A 46-year-old patient was admitted to hospital with confusion, jaundice, bruising and serum sodium of 129 mmol/L. She had a long history of alcohol abuse. Examination revealed signs of chronic liver disease, reduced level of consciousness but no focal neurological deficit. Renal function was otherwise normal and liver function tests were in keeping with alcohol abuse. She was treated for hepatic encephalopathy and alcohol withdrawal with appropriate doses of lactulose and IV vitamins. Serum sodium was corrected gradually. Unfortunately her conscious level declined further and she required intubation. In the intensive care unit she was successfully weaned-off ventilation and Magnetic Resonance Imaging of her brain showed a triangular shaped area of high T2W signal return (Figures 1and2) lying centrally within the pons. Signal return from rest of brain was normal. Appearances were suggestive of central pontine myelinolysis.
Following transfer to the ward she made a steady recovery with the aid of adequate nutrition and physiotherapy. Electrolyte levels have remained satisfactory and a gradual neurological improvement has been noted.
DiscussionCentral pontine myelinolysis (CPM) was described by Adams et al in 1959 as a disease affecting alcoholics and the malnourished.1,2 Reports of similar lesions, occurring outside the pons, started to appear in the medical literature and the entity of extrapontine myelinolysis (EPM) was eventually established.3,4
Tomlinson et al in 1976, described two cases of middle aged women who presented with protracted vomiting and drowsiness.5 Both had significant hyponatraemia but no underlying malignancy, alcoholism, malnutrition or other serious disease was found. Eventually, correction of the electrolyte abnormalities was accompanied by deterioration in patient level of consciousness and development of a neurological syndrome characterized by quadriparesis, dysphasia and mutism. It was few years later though when, the link of CPM and rapid correction of hyponatraemia was established.

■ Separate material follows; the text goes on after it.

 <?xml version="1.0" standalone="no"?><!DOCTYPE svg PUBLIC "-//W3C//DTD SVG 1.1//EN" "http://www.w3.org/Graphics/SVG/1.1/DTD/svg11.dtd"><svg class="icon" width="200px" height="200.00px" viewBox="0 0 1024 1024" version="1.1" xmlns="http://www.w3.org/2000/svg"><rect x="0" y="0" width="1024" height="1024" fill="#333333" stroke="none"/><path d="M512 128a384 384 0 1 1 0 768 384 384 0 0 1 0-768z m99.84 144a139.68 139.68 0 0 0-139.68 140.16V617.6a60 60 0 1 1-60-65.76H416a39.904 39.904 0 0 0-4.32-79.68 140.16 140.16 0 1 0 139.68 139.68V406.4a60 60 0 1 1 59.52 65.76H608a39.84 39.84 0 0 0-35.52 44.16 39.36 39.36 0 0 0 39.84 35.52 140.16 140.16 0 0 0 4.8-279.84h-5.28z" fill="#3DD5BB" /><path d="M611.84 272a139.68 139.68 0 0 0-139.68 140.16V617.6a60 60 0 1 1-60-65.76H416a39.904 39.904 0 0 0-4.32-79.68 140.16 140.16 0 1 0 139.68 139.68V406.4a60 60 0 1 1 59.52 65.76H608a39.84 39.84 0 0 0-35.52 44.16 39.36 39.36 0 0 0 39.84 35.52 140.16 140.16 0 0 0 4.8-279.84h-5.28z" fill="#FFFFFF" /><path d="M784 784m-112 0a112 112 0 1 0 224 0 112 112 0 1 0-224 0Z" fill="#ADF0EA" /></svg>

Pathologically, CPM is defined as a symmetric area of myelin disruption in the centre of the basis pontis.7 It is caused by large intracellular shifts in water associated with rapid correction of hyponatraemia. Clinical presentation is with flaccid paralysis, altered consciousness and often facial or bulbar weakness.2
Despite the fact that hyponatraemia is the most common electrolyte abnormality in clinical practice only a minor proportion of patients develop CPM. The mechanism underlying the entity is still unclear but the recorded associations are known to be: alcoholism, malnutrition, prolonged diuretic use, psychogenic polydipsia, burns (infrequent, and often in the context of hypernatraemia), post-liver transplant (well recognized), post-pituitary surgery (rare), post-urological surgery/gynaecological surgery, especially if involving glycine infusions.2 It very rarely occurs in the absence of another significant illness.

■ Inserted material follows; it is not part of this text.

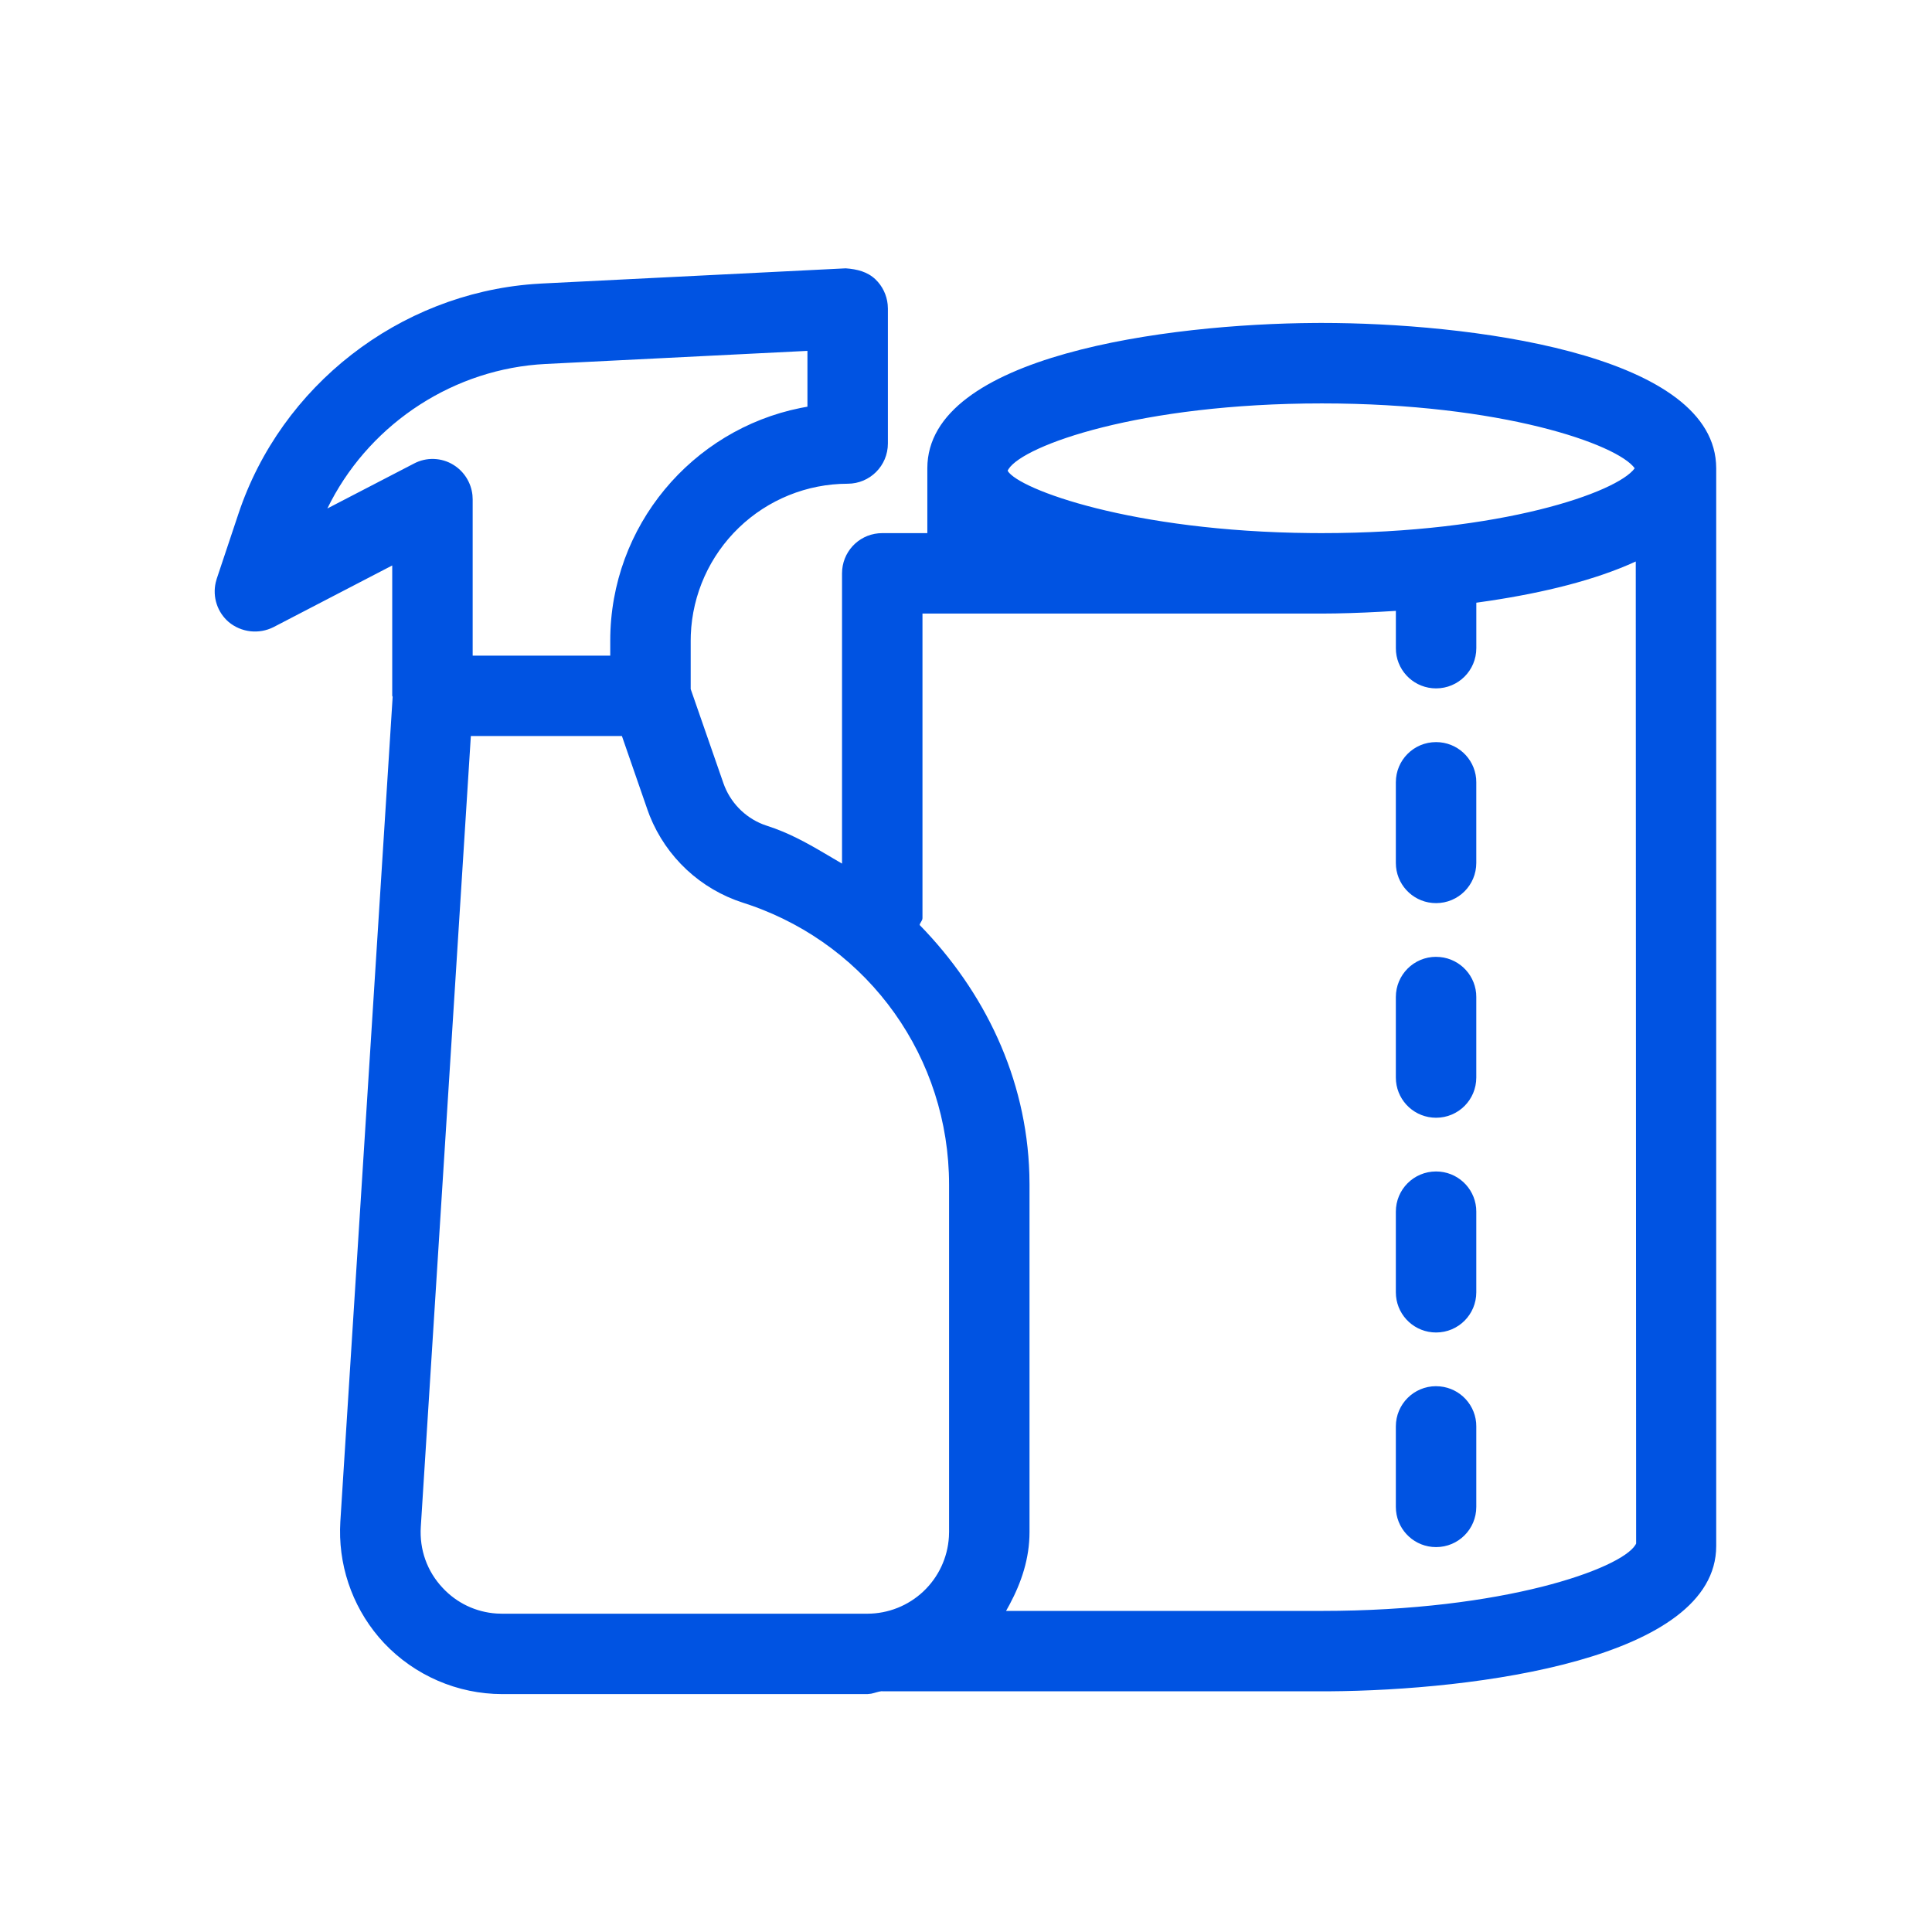 <svg width="72" height="72" viewBox="0 0 72 72" fill="none" xmlns="http://www.w3.org/2000/svg">
<path fill-rule="evenodd" clip-rule="evenodd" d="M31.517 10C31.942 10.03 32.327 10.127 32.625 10.41C32.885 10.658 33.045 10.992 33.081 11.346L33.089 11.499V16.528C33.089 17.358 32.419 18.027 31.589 18.027C30.076 18.03 28.623 18.617 27.534 19.667C26.445 20.716 25.803 22.146 25.744 23.658L25.74 23.877V25.679L26.96 29.189C27.204 29.888 27.743 30.449 28.427 30.719L28.602 30.781C29.364 31.025 30.045 31.398 30.712 31.791L31.38 32.184V21.367C31.38 20.586 31.972 19.947 32.734 19.875L32.879 19.868H34.559V17.45C34.559 13.239 43.519 12.07 49.006 12.036L49.261 12.035C54.636 12.035 63.674 13.138 63.951 17.255L63.958 17.45V57.616C63.958 61.827 55.002 62.996 49.515 63.03H32.88L32.866 63.025C32.726 63.038 32.6 63.093 32.466 63.119L32.328 63.134H18.714C17.889 63.133 17.073 62.963 16.316 62.635C15.559 62.308 14.876 61.829 14.31 61.229C13.236 60.081 12.65 58.561 12.673 56.989L12.683 56.713L14.633 25.97L14.617 25.93V21.073L10.189 23.373C9.923 23.506 9.624 23.559 9.328 23.525C9.033 23.491 8.753 23.372 8.524 23.182C8.317 23.004 8.162 22.774 8.077 22.515C7.991 22.256 7.978 21.978 8.038 21.712L8.078 21.566L8.885 19.149C10.477 14.37 14.867 10.965 19.875 10.586L20.189 10.566L31.517 10ZM23.177 27.43H17.547L15.682 56.9C15.628 57.75 15.916 58.56 16.497 59.176C17.019 59.739 17.737 60.081 18.503 60.131L18.713 60.138H32.327C33.102 60.136 33.848 59.839 34.412 59.307C34.976 58.775 35.316 58.048 35.363 57.274L35.369 57.096V44.15C35.369 39.431 32.409 35.283 27.974 33.737L27.689 33.642C26.908 33.392 26.192 32.972 25.591 32.413C24.991 31.854 24.521 31.169 24.215 30.408L24.129 30.176L23.177 27.43ZM60.961 20.925C59.442 21.623 57.516 22.088 55.518 22.389L55.018 22.461V24.155C55.018 24.985 54.348 25.654 53.518 25.654C52.738 25.654 52.098 25.061 52.026 24.3L52.02 24.155V22.765C51.241 22.815 50.48 22.849 49.777 22.861L49.261 22.866H34.378V34.214C34.378 34.314 34.291 34.376 34.272 34.471C36.68 36.939 38.255 40.157 38.361 43.762L38.367 44.15V57.095C38.367 58.084 38.063 58.974 37.627 59.791L37.493 60.034H49.26C56.066 60.034 60.4 58.461 60.945 57.576L60.974 57.524L60.96 20.924L60.961 20.925ZM53.518 51.66C54.3 51.66 54.938 52.253 55.011 53.014L55.017 53.159V56.157C55.017 56.987 54.348 57.656 53.518 57.656C52.738 57.656 52.098 57.063 52.026 56.302L52.019 56.157V53.159C52.019 52.329 52.689 51.659 53.519 51.659L53.518 51.66ZM53.518 43.657C54.3 43.657 54.938 44.25 55.011 45.011L55.017 45.156V48.159C55.017 48.989 54.348 49.658 53.518 49.658C52.738 49.658 52.098 49.065 52.026 48.304L52.019 48.159V45.156C52.019 44.326 52.688 43.657 53.518 43.657ZM53.518 35.659C54.3 35.659 54.938 36.252 55.011 37.013L55.017 37.158V40.156C55.017 40.986 54.348 41.655 53.518 41.655C52.738 41.655 52.098 41.062 52.026 40.301L52.019 40.156V37.158C52.019 36.328 52.689 35.658 53.519 35.658L53.518 35.659ZM53.518 27.656C54.3 27.656 54.938 28.249 55.011 29.01L55.017 29.155V32.158C55.017 32.988 54.348 33.657 53.518 33.657C52.738 33.657 52.098 33.064 52.026 32.303L52.019 32.158V29.155C52.019 28.325 52.688 27.656 53.518 27.656ZM30.091 13.076L20.335 13.564C16.946 13.734 13.893 15.731 12.337 18.679L12.2 18.949L15.428 17.275C15.656 17.154 15.912 17.095 16.17 17.104C16.428 17.113 16.679 17.188 16.898 17.324C17.298 17.57 17.558 17.99 17.607 18.452L17.615 18.608V24.433H22.742V23.877C22.742 19.597 25.79 16.021 29.832 15.204L30.091 15.156V13.076ZM49.261 15.034C42.478 15.034 38.157 16.593 37.586 17.48L37.556 17.533V17.553C37.977 18.233 42.173 19.805 48.856 19.866L49.261 19.868C55.965 19.868 60.277 18.345 60.921 17.451C60.277 16.557 55.965 15.034 49.261 15.034Z" fill="#0053E2"></path>
</svg>

The typical patient with decompensated liver disease and CPM has often undergone a biphasic clinical course. The initial presentation will be that of encephalopathy and confusion, sometimes accompanied by seizures due to acute alcohol withdrawal or hyponatraemia, which will resolve as normonatraemia is restored. Neurological deterioration often occurs several days later.
In alcoholics it is often seen despite gradual correction of hyponatraemia. Chronic alcoholics may be predisposed to CPM due to metabolic deficiencies causing an oligodendroglial pro-apoptotic state.8
CPM should be suspected when an alcoholic or malnourished patient develops confusion, quadriplegia, pseudobulbar palsy, or reduced level of consciousness over a period of several days.6
MRI produces characteristic pontine lesions that aid the diagnosis. Prevention involves identifying patients at risk. In this group the correction of serum sodium should be at no more than 2-3 mmol/day. No specific trials for treatment have been performed and supportive treatment is all that is currently recommended. Case reports and case series have often shown a high mortality.2 However the prognosis of CPM is variable and depends on the cause. Some patients make a full neurological recovery.